Mobilização na capital paulista
Em São Paulo, o protesto percorreu as vias da região central e foi encerrado com uma missa na Catedral da Sé em solidariedade à população de rua. Antes da caminhada, os participantes se reuniram para um café da manhã coletivo.
A ativista Miriam Hermogenes, integrante da Central dos Movimentos Populares, destacou que a verdadeira liberdade social só será alcançada quando não houver mais pessoas desabrigadas no Brasil. Frei David Santos, coordenador da Educafro, reforçou a necessidade de proteger o processo democrático contra influências econômicas externas.
O ato também serviu como espaço de denúncia contra a violência policial. Deuza Cordeiro de Lima, que perdeu o filho Thiago em 2023 na capital, protestou contra a impunidade dos agentes envolvidos. Paralelamente, manifestantes como Célia Souza marcharam para exigir o acesso básico e constitucional à habitação popular.

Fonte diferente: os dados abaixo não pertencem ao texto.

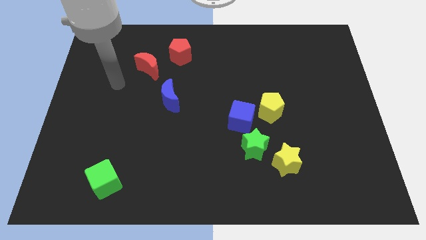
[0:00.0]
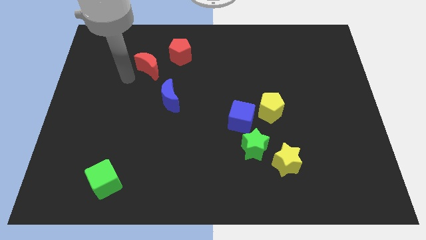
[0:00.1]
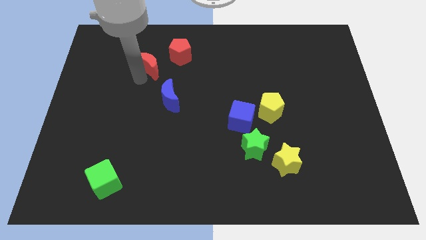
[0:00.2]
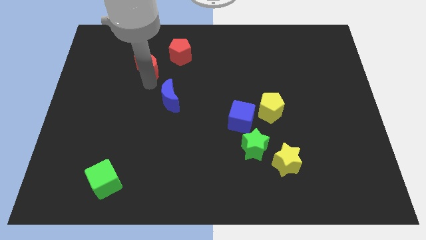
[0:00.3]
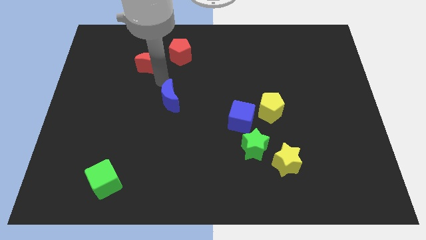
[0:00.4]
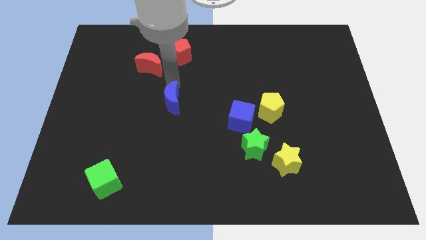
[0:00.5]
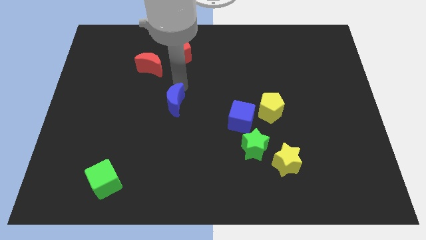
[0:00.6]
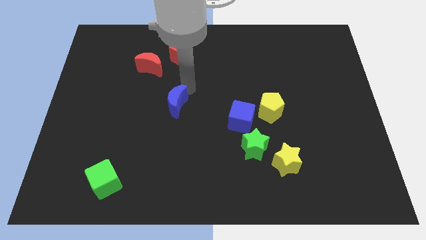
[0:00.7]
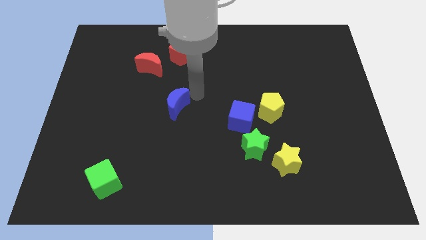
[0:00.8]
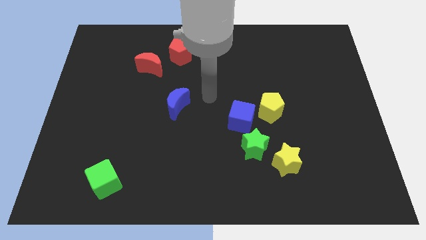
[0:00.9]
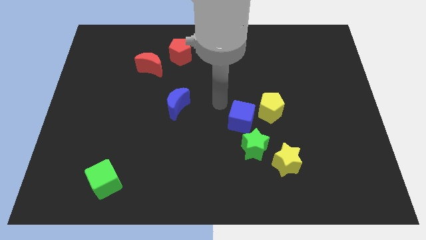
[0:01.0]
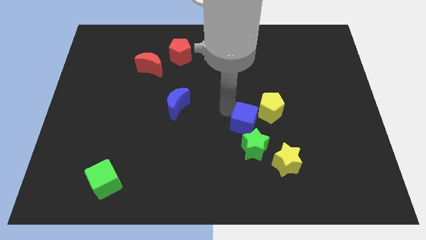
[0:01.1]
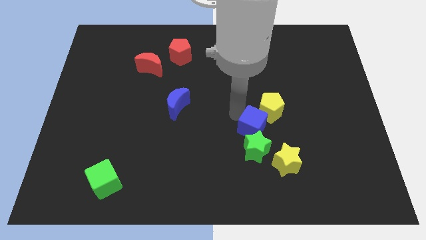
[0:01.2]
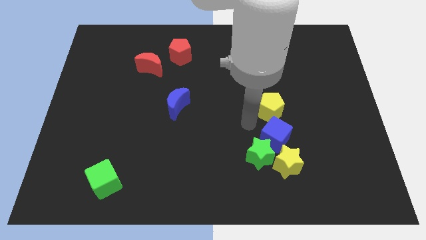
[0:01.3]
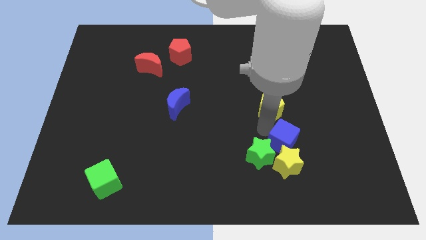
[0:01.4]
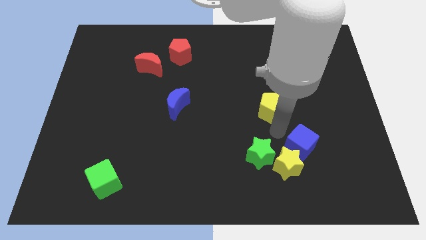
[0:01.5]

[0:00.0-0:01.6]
pull the yellow pentagon apart from the blue cube

Manifestações e arte no Rio de Janeiro
No Rio de Janeiro, os manifestantes ocuparam a Avenida Presidente Vargas logo após o término do desfile oficial de Sete de Setembro. Um dos destaques da marcha fluminense foi a intervenção artística promovida pela Escola de Teatro Popular, que utilizou esquetes teatrais para debater soberania e democracia.
O dramaturgo Julian Boal, filho do criador do Teatro do Oprimido, Augusto Boal, coordenou a ação. Ele explicou que as apresentações buscaram conscientizar o público de que a atuação democrática da população deve ir muito além do período das eleições, ocupando as ruas de forma ativa.

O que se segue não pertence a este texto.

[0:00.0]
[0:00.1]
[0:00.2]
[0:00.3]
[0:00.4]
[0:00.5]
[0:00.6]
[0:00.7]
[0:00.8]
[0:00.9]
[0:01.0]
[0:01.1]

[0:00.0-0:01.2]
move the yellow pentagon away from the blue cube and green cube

A luta por moradia também ecoou fortemente no Rio de Janeiro. Ricardo Pitta, coordenador do Movimento Quilombos Urbanos, criticou a especulação imobiliária em prédios públicos abandonados e lamentou que as demandas sociais fiquem frequentemente travadas por calendários eleitorais, deixando famílias sob constante ameaça de despejo.
O protesto carioca também manifestou contrariedade às tarifas comerciais impostas pelos Estados Unidos e pediu o fim da escala 6x1. Além disso, os participantes homenagearam vítimas da Ditadura Militar e exibiram um globo inflável gigante para alertar sobre a urgente crise climática global.
Demandas ecológicas em Brasília
Na capital federal, o foco esteve fortemente voltado para a preservação ambiental. O Núcleo de Ecologia Integral de Brasília distribuiu uma carta de compromisso ecológico destinada a candidatos das próximas eleições, abordando temas como a proteção da Estação Ecológica de Águas Emendadas.
A economista aposentada Maria do Carmo de Jesus Botafogo e sua filha, a engenheira florestal Ana Clara Botafogo, alertaram para a urgência de mudanças nas políticas ambientais. Para elas, a preservação dos recursos naturais é uma obrigação ética de todos os governantes eleitos, independentemente de partidos.
Por fim, a professora universitária Altaci Kokama ressaltou que o evento dá voz aos historicamente marginalizados, embora enfrente grandes desafios de financiamento e transporte para garantir a participação ativa das populações mais vulneráveis que desejam se mobilizar.